RECORDS SHOWN.
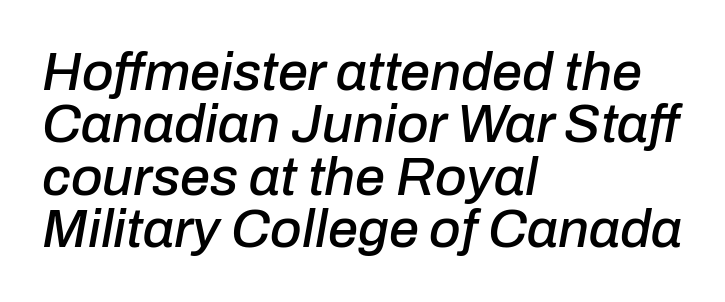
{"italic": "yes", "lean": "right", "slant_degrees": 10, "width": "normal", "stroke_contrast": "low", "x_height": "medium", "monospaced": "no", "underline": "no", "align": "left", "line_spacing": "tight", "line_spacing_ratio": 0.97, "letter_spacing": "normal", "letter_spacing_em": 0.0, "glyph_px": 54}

---

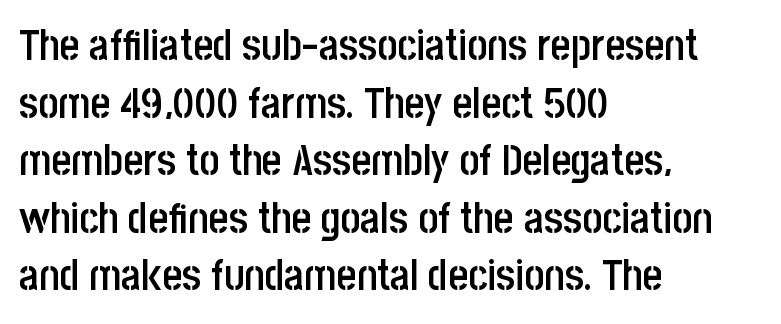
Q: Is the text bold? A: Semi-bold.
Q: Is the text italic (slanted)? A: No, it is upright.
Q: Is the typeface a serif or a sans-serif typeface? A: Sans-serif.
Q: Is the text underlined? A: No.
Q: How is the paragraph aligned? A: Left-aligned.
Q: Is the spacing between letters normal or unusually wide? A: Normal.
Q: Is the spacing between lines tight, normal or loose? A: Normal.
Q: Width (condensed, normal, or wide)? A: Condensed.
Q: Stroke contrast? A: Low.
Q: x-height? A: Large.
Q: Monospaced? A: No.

--

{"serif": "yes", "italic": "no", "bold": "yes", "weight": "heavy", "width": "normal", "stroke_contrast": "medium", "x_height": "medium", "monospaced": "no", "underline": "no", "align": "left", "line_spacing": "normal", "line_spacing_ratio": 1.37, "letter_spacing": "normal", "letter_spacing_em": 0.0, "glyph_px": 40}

TASK TO COMPLETE. In the listing above, locate the line with "Q: Is the text bold? A: Semi-bold." and the line with "Q: Monospaced? A: No.", then extract exactly those lines and every line between them, and nothing more.

EXERCISE RESPONSE.
Q: Is the text bold? A: Semi-bold.
Q: Is the text italic (slanted)? A: No, it is upright.
Q: Is the typeface a serif or a sans-serif typeface? A: Sans-serif.
Q: Is the text underlined? A: No.
Q: How is the paragraph aligned? A: Left-aligned.
Q: Is the spacing between letters normal or unusually wide? A: Normal.
Q: Is the spacing between lines tight, normal or loose? A: Normal.
Q: Width (condensed, normal, or wide)? A: Condensed.
Q: Stroke contrast? A: Low.
Q: x-height? A: Large.
Q: Monospaced? A: No.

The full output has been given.